[Input records]
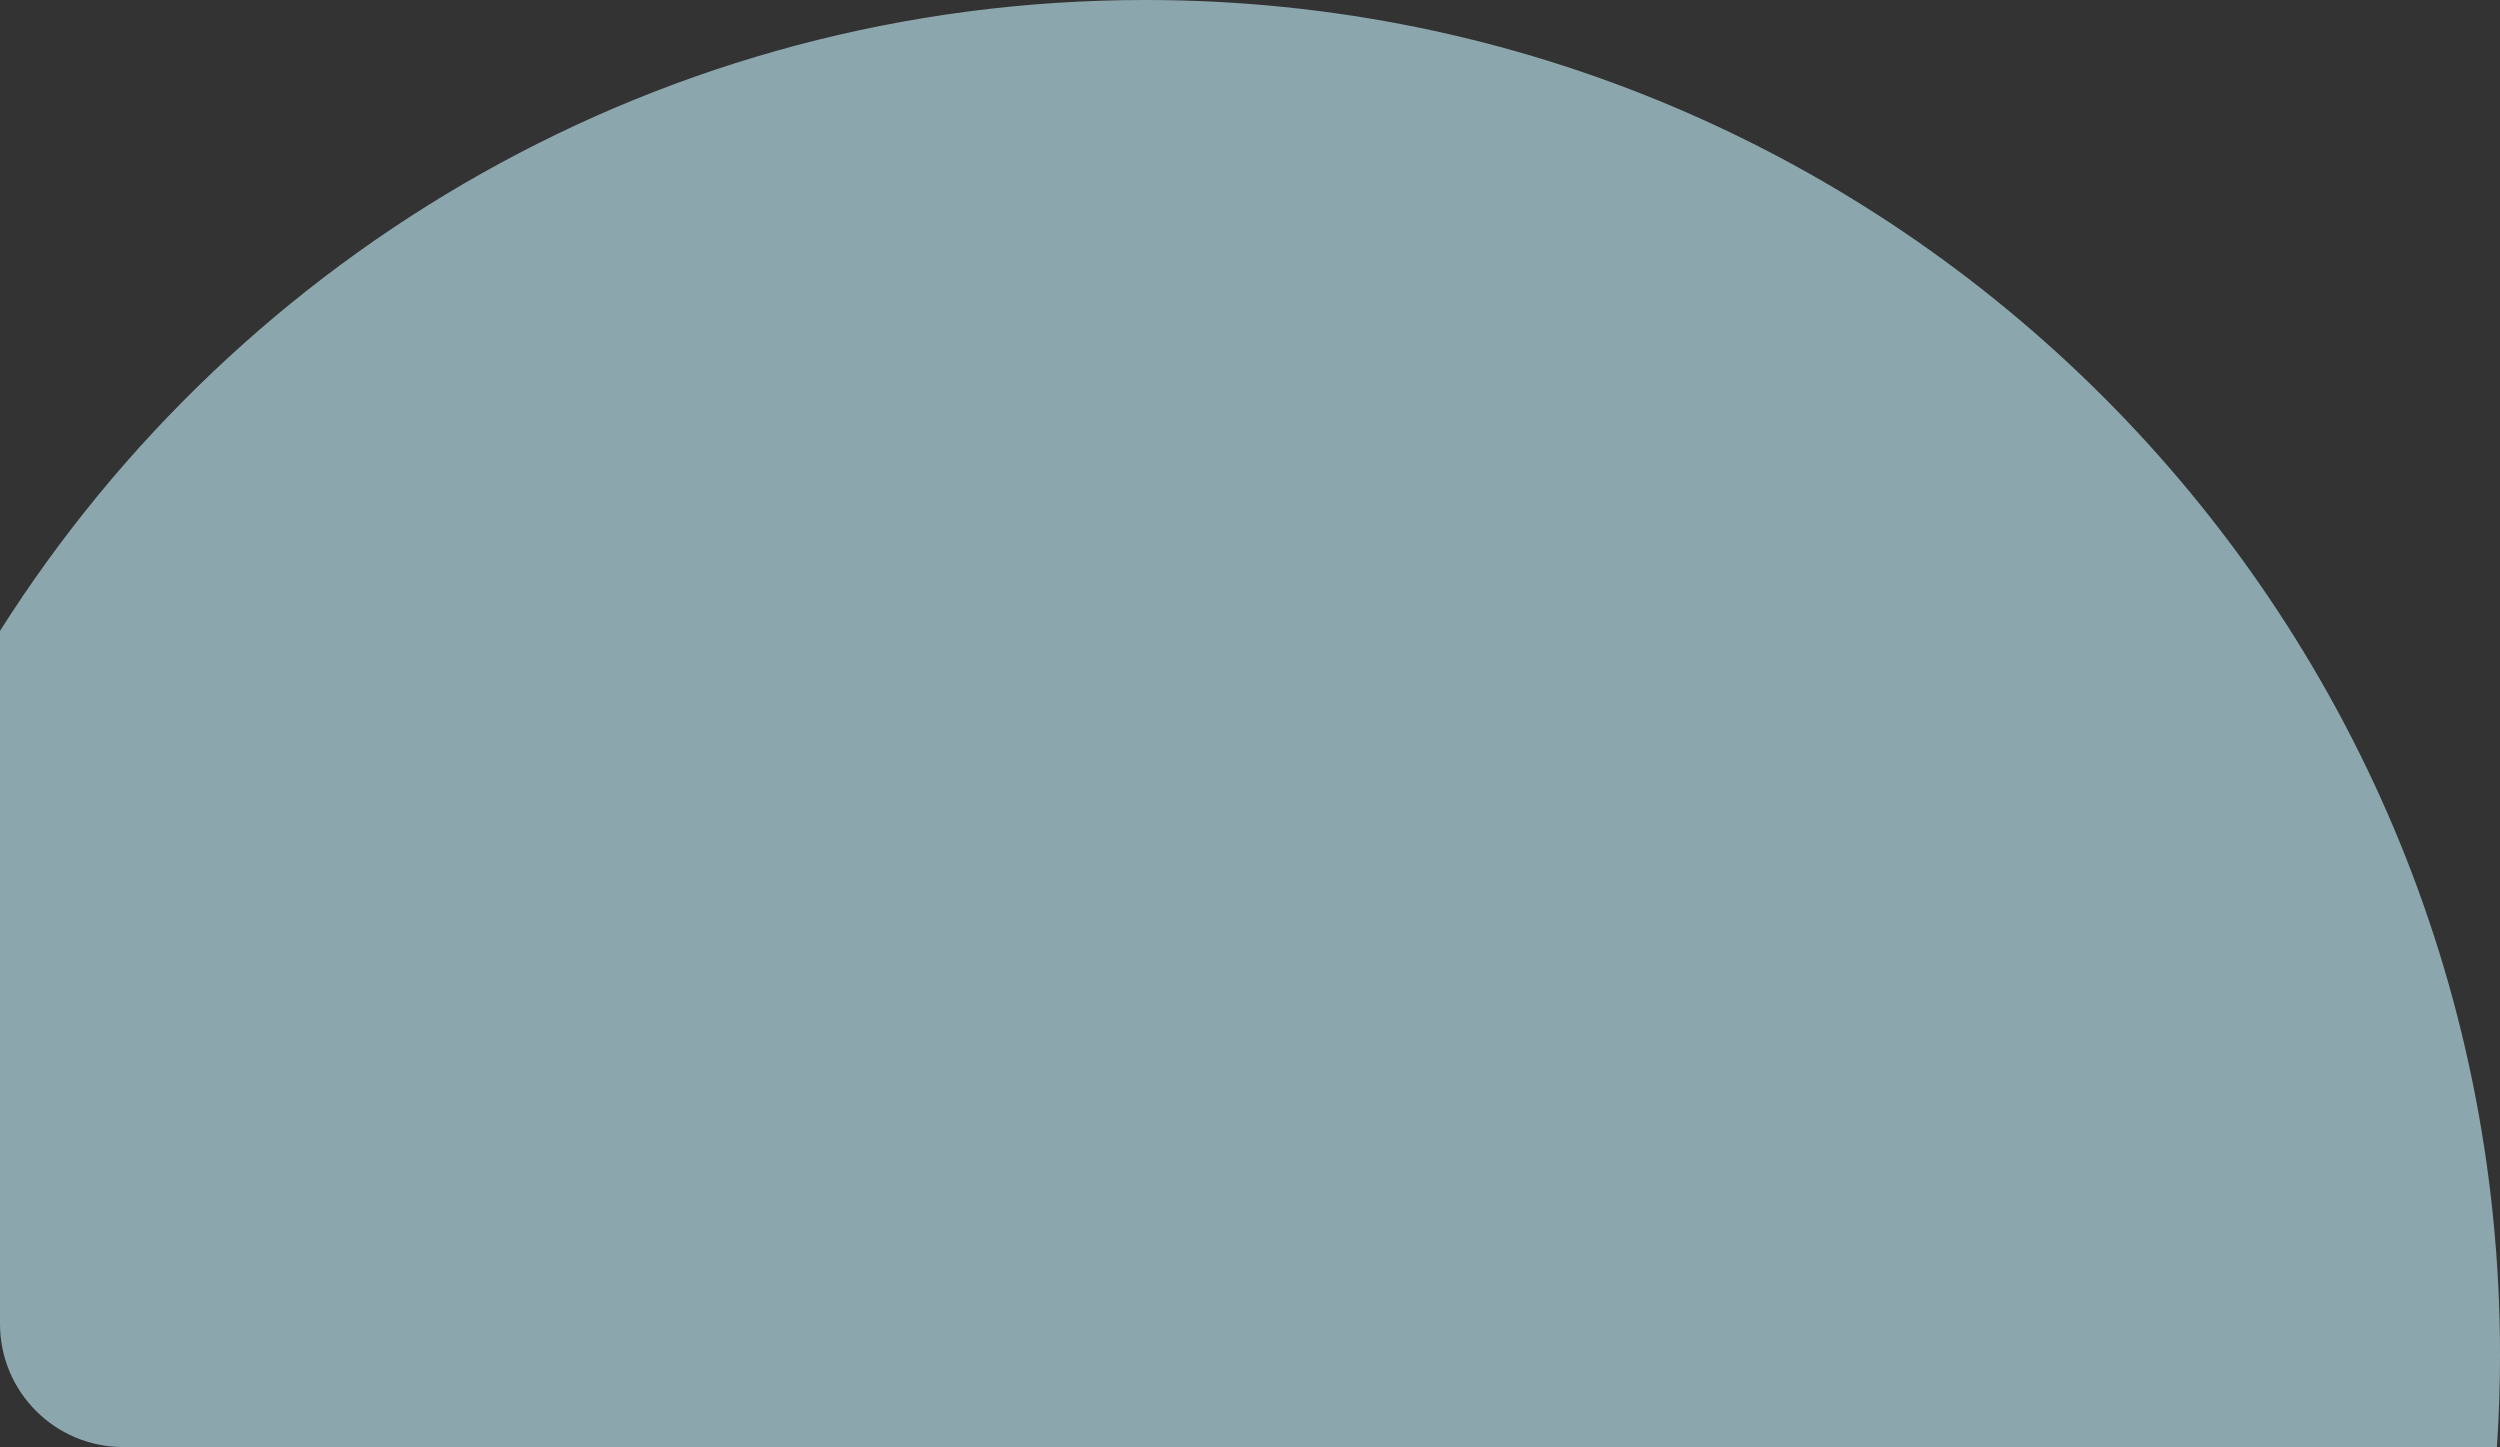 <svg width="406" height="235" viewBox="0 0 406 235" fill="none" xmlns="http://www.w3.org/2000/svg">
<rect x="0" y="0" width="406" height="235" fill="#333333" stroke="none"/>
<path fill-rule="evenodd" clip-rule="evenodd" d="M405.497 235H20C8.954 235 0 226.046 0 215V102.457C38.995 40.881 107.723 0 186 0C307.503 0 406 98.497 406 220C406 225.041 405.83 230.043 405.497 235Z" fill="#C6F5FF" fill-opacity="0.6"/>
</svg>
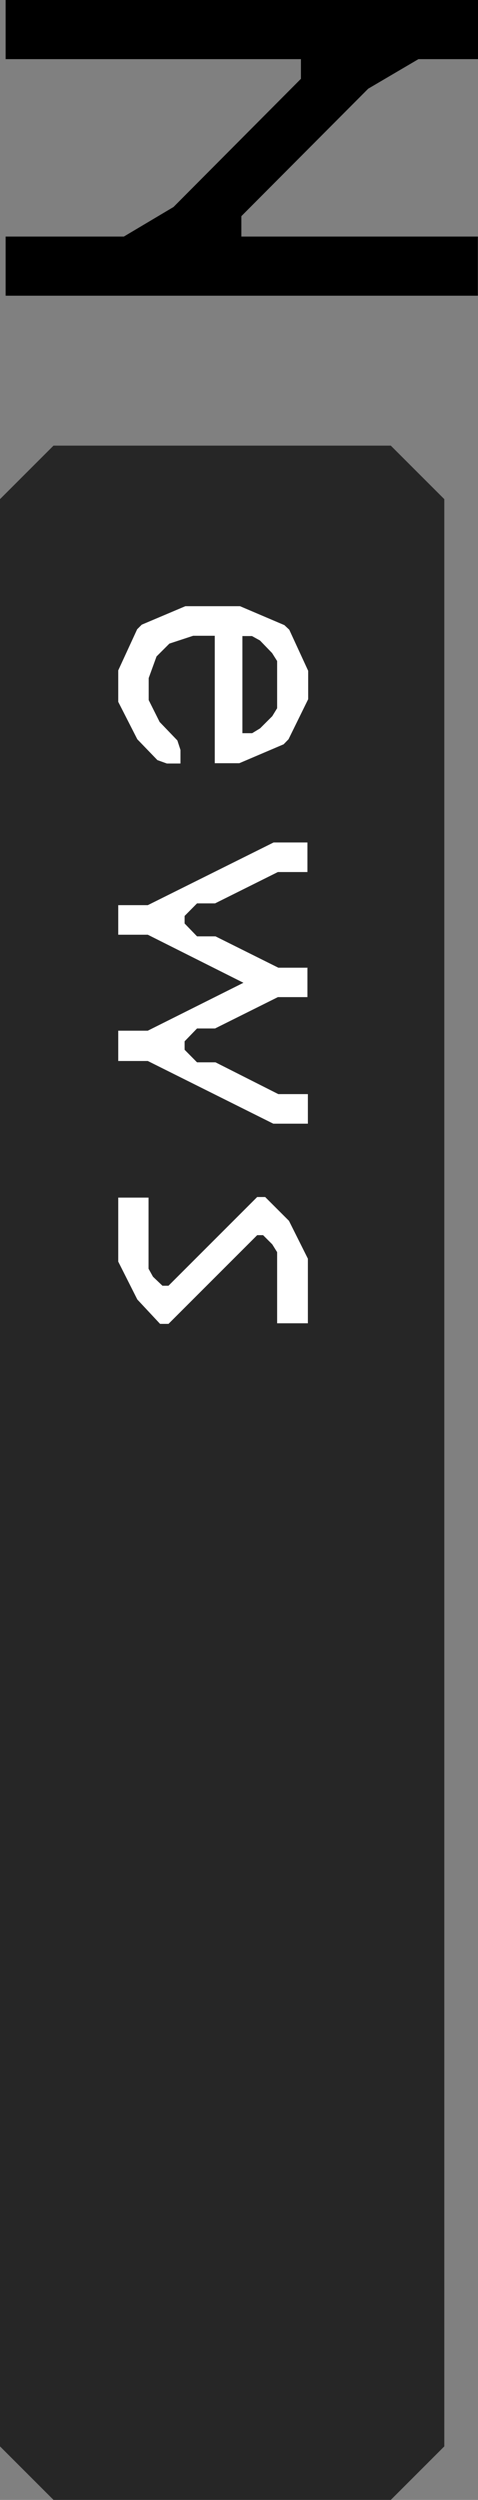 <svg xmlns="http://www.w3.org/2000/svg" viewBox="0 0 32.34 169.08"><rect x="0" y="0" width="32.34" height="169.08" fill="#808080" stroke="none"/><defs><style>.cls-1{fill:#262626;}.cls-2{fill:#fff;}</style></defs><g id="レイヤー_2" data-name="レイヤー 2"><g id="レイヤー_3" data-name="レイヤー 3"><path class="cls-1" d="M0,165.46V33.76l3.62-3.62H26.44l3.62,3.62v131.7l-3.62,3.62H3.62Z"/><path d="M28.31,4l-3.4,2-8.58,8.62V16h16v4H.38V16h8l3.36-2,8.62-8.67V4H.38V0h32V4Z"/><path class="cls-2" d="M8,45.34l1.28-2.78.31-.31L12.54,41h3.7l3,1.28.33.31,1.28,2.78v1.92L19.52,50l-.33.34-3,1.28H14.53V43H13.07l-1.61.53-.87.87-.53,1.46v1.49l.74,1.48L12,50.08l.21.64v.92h-.92l-.64-.23L9.29,50,8,47.47Zm10.41-1.17-.82-.85-.54-.3H16.4v6.57h.66l.54-.33.82-.82.33-.54V44.71Z"/><path class="cls-2" d="M20.8,65.44v2h-2l-4.25,2.12H13.33l-.84.87V71l.84.85h1.25L18.83,74h2v2H18.49L10,71.76H8V69.71h2l6.47-3.24L10,63.22H8v-2h2l8.51-4.24H20.8v2h-2l-4.25,2.12H13.33l-.84.85v.51l.84.87h1.25l4.25,2.12h2v0Z"/><path class="cls-2" d="M18.75,89.5V84.69l-.33-.53-.62-.62h-.4l-6,6h-.57L9.29,87.89,8,85.33V81h2.05v4.81l.3.54.64.61h.41l6-6h.54l1.61,1.61,1.28,2.56V89.5Z"/></g></g></svg>

[About this task]
We ask that the entries above be copied exactly, with the pictures omitted.

[Exercise response]
 <svg width="406" height="235" viewBox="0 0 406 235" fill="none" xmlns="http://www.w3.org/2000/svg">
<rect x="0" y="0" width="406" height="235" fill="#333333" stroke="none"/>
<path fill-rule="evenodd" clip-rule="evenodd" d="M405.497 235H20C8.954 235 0 226.046 0 215V102.457C38.995 40.881 107.723 0 186 0C307.503 0 406 98.497 406 220C406 225.041 405.83 230.043 405.497 235Z" fill="#C6F5FF" fill-opacity="0.6"/>
</svg>
 <svg xmlns="http://www.w3.org/2000/svg" viewBox="0 0 32.34 169.08"><rect x="0" y="0" width="32.34" height="169.08" fill="#808080" stroke="none"/><defs><style>.cls-1{fill:#262626;}.cls-2{fill:#fff;}</style></defs><g id="レイヤー_2" data-name="レイヤー 2"><g id="レイヤー_3" data-name="レイヤー 3"><path class="cls-1" d="M0,165.46V33.76l3.62-3.62H26.44l3.62,3.62v131.7l-3.62,3.62H3.62Z"/><path d="M28.31,4l-3.4,2-8.58,8.62V16h16v4H.38V16h8l3.36-2,8.62-8.67V4H.38V0h32V4Z"/><path class="cls-2" d="M8,45.34l1.28-2.78.31-.31L12.54,41h3.7l3,1.28.33.31,1.28,2.78v1.92L19.52,50l-.33.34-3,1.28H14.53V43H13.07l-1.61.53-.87.87-.53,1.46v1.49l.74,1.48L12,50.08l.21.64v.92h-.92l-.64-.23L9.29,50,8,47.47Zm10.41-1.17-.82-.85-.54-.3H16.4v6.57h.66l.54-.33.82-.82.33-.54V44.71Z"/><path class="cls-2" d="M20.8,65.44v2h-2l-4.25,2.12H13.33l-.84.87V71l.84.85h1.25L18.83,74h2v2H18.49L10,71.76H8V69.71h2l6.47-3.24L10,63.22H8v-2h2l8.51-4.24H20.8v2h-2l-4.25,2.12H13.33l-.84.85v.51l.84.87h1.25l4.25,2.12h2v0Z"/><path class="cls-2" d="M18.75,89.5V84.69l-.33-.53-.62-.62h-.4l-6,6h-.57L9.29,87.89,8,85.33V81h2.05v4.81l.3.54.64.61h.41l6-6h.54l1.61,1.61,1.28,2.56V89.5Z"/></g></g></svg>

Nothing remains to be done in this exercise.